[Opening Records for this exercise section]

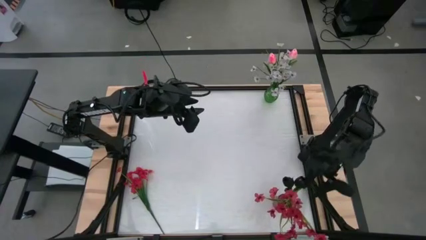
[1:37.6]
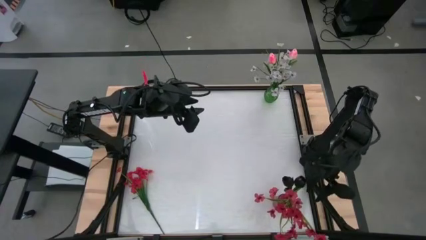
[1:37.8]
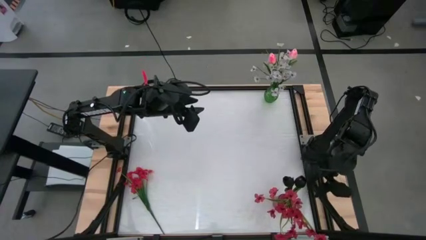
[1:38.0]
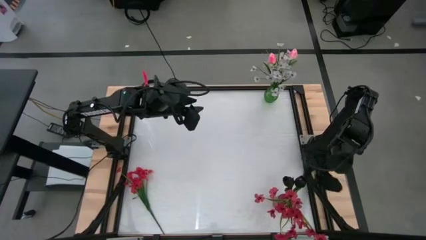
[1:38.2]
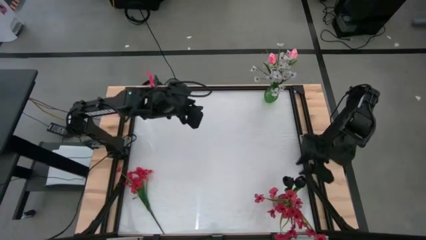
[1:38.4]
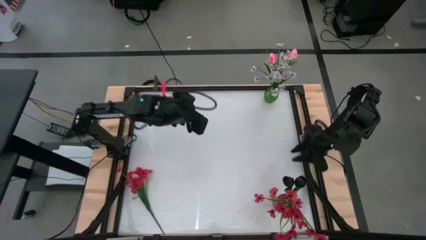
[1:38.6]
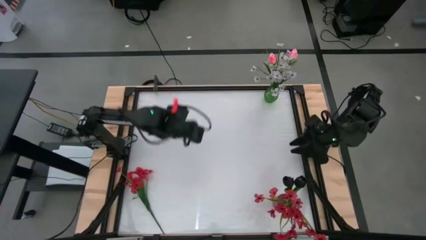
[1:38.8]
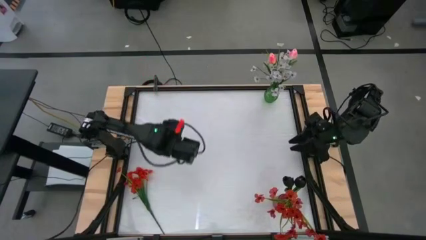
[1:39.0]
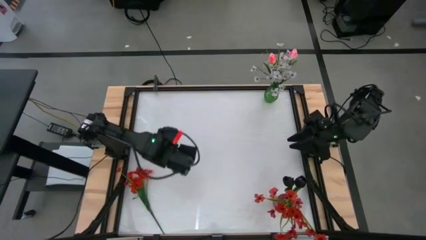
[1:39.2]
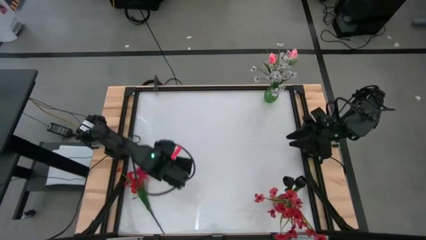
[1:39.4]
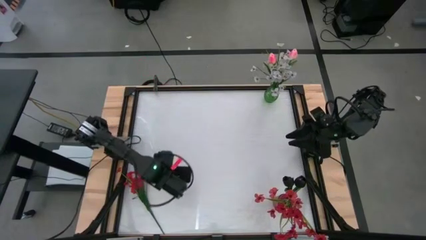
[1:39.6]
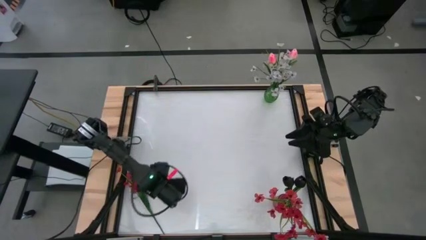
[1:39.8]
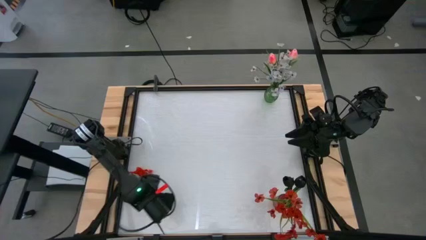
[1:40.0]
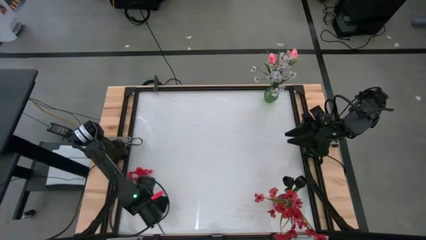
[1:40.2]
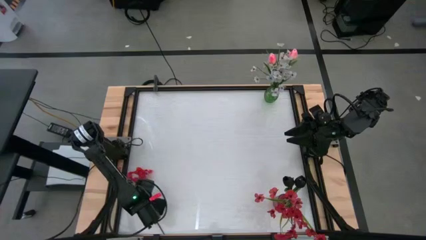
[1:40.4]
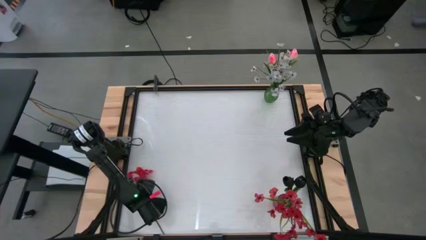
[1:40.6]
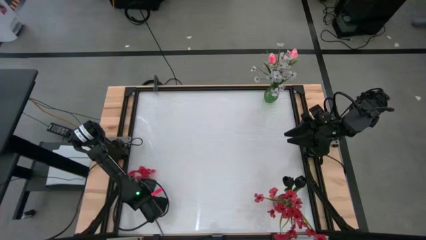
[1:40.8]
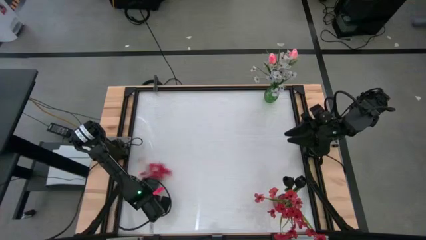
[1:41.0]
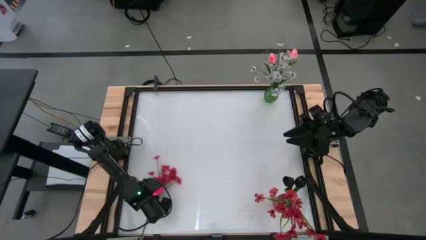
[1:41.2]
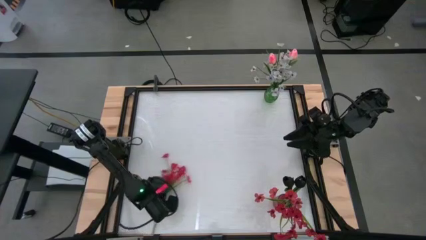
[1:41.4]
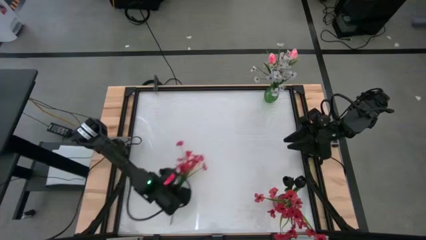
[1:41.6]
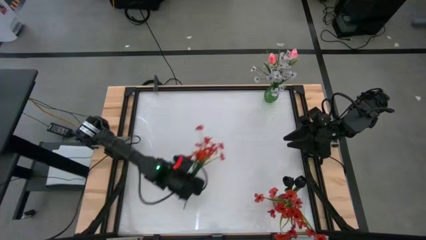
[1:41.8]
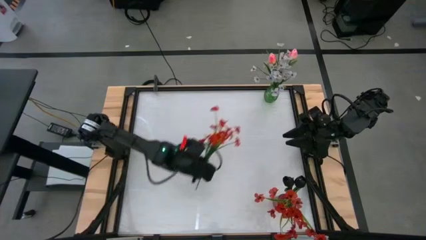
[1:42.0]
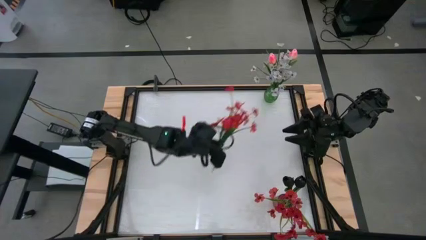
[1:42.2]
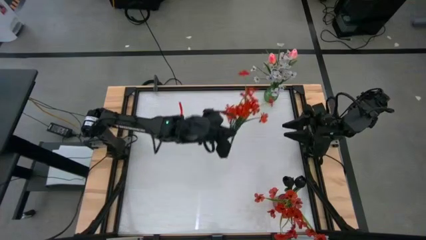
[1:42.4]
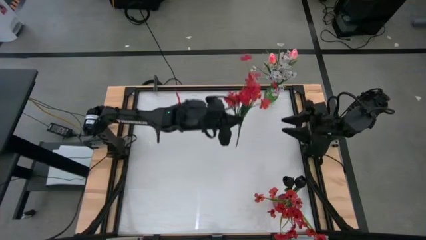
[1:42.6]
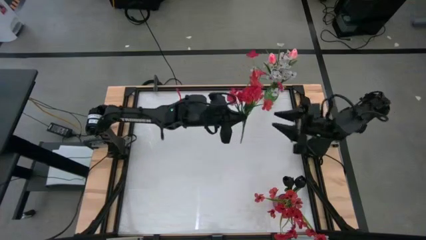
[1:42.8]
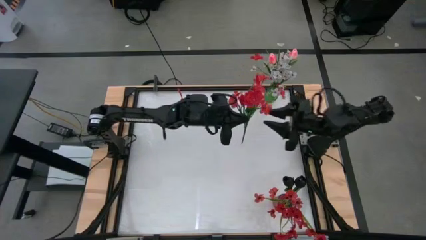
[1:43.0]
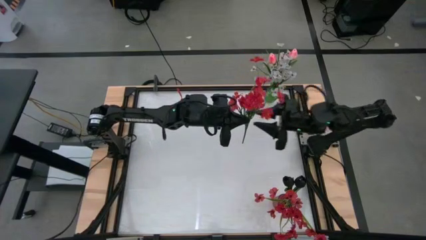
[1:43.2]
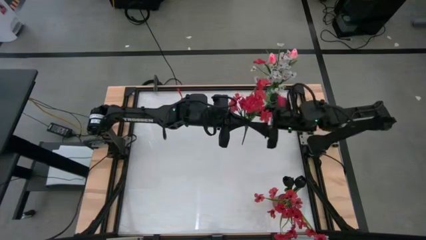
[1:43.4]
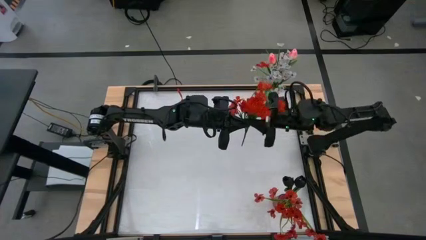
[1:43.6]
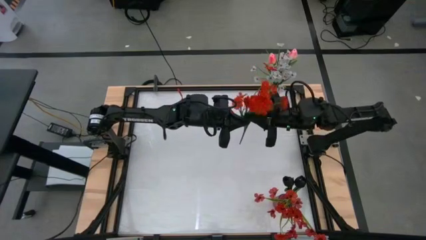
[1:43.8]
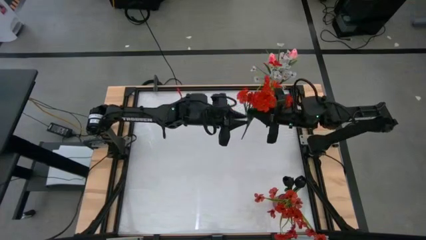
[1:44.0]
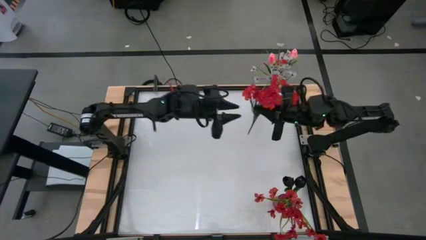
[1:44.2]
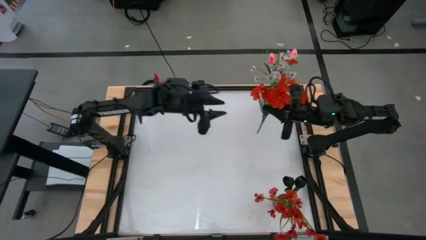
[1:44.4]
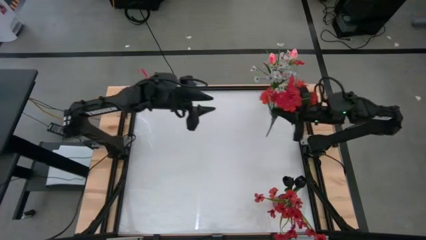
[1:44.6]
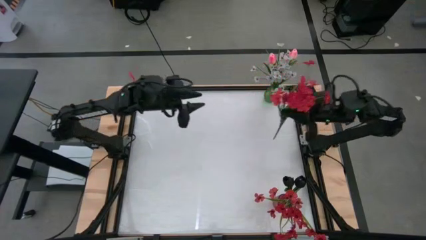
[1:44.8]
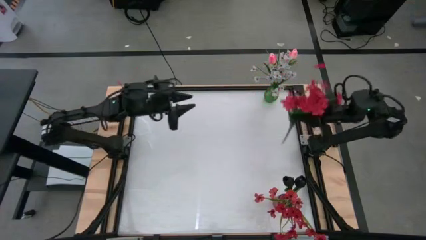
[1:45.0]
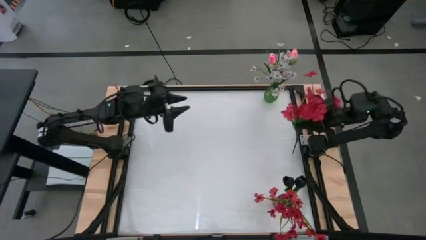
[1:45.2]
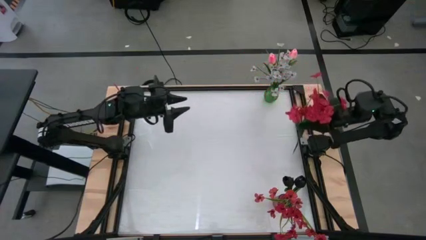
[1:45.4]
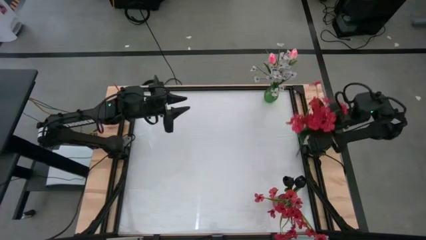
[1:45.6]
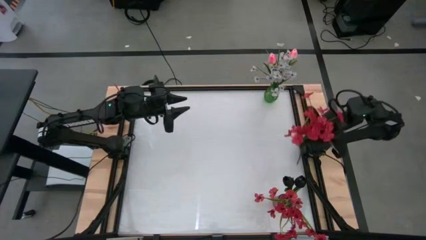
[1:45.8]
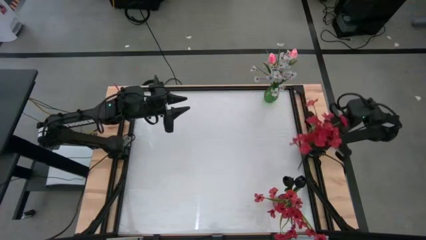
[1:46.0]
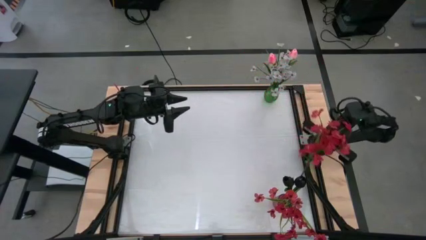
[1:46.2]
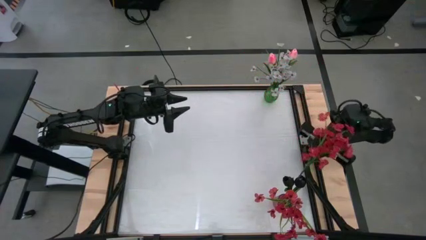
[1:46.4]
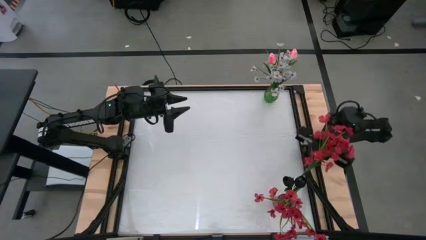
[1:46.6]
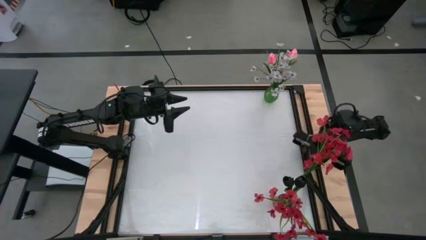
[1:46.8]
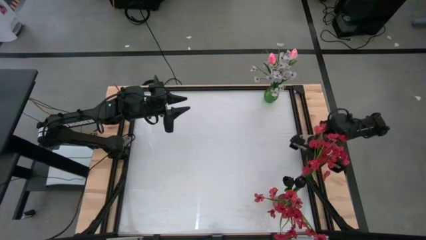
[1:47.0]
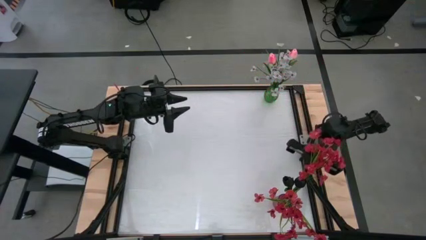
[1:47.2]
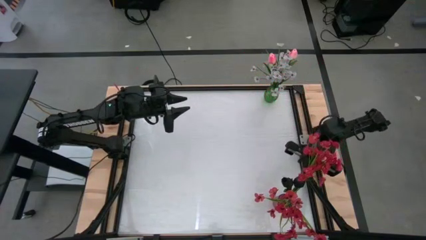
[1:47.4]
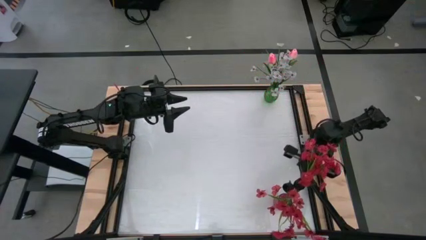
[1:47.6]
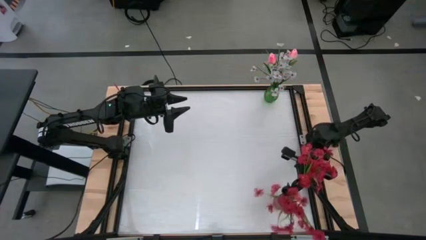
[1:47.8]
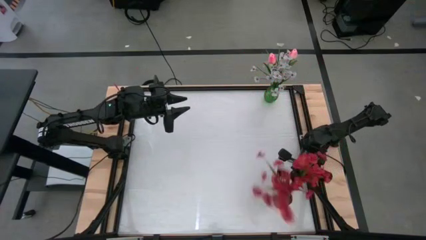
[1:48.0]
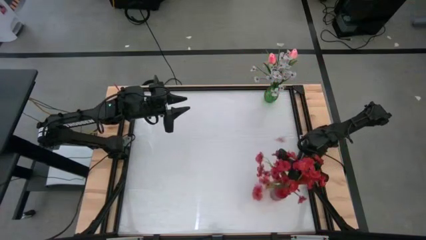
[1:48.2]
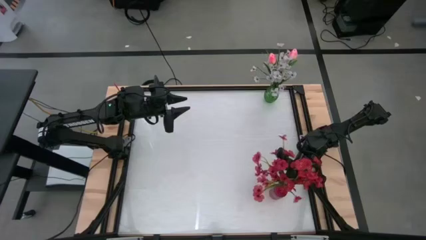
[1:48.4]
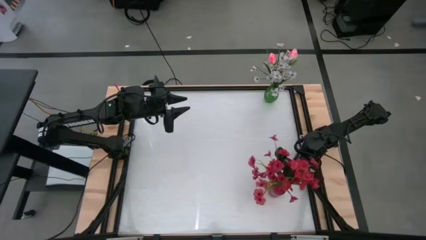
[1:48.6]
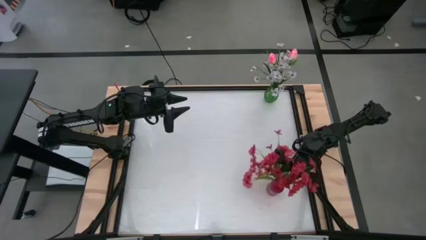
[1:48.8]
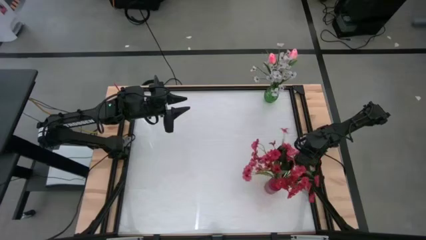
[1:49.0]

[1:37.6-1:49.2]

[Closing Records for this exercise section]

--- Exercise goal ---
When you reproduce the material, keep every word exact and leave each picture out.

--- Result for this task ---
[1:37.6]
[1:37.8]
[1:38.0]
[1:38.2]
[1:38.4]
[1:38.6]
[1:38.8]
[1:39.0]
[1:39.2]
[1:39.4]
[1:39.6]
[1:39.8]
[1:40.0]
[1:40.2]
[1:40.4]
[1:40.6]
[1:40.8]
[1:41.0]
[1:41.2]
[1:41.4]
[1:41.6]
[1:41.8]
[1:42.0]
[1:42.2]
[1:42.4]
[1:42.6]
[1:42.8]
[1:43.0]
[1:43.2]
[1:43.4]
[1:43.6]
[1:43.8]
[1:44.0]
[1:44.2]
[1:44.4]
[1:44.6]
[1:44.8]
[1:45.0]
[1:45.2]
[1:45.4]
[1:45.6]
[1:45.8]
[1:46.0]
[1:46.2]
[1:46.4]
[1:46.6]
[1:46.8]
[1:47.0]
[1:47.2]
[1:47.4]
[1:47.6]
[1:47.8]
[1:48.0]
[1:48.2]
[1:48.4]
[1:48.6]
[1:48.8]
[1:49.0]

[1:37.6-1:49.2]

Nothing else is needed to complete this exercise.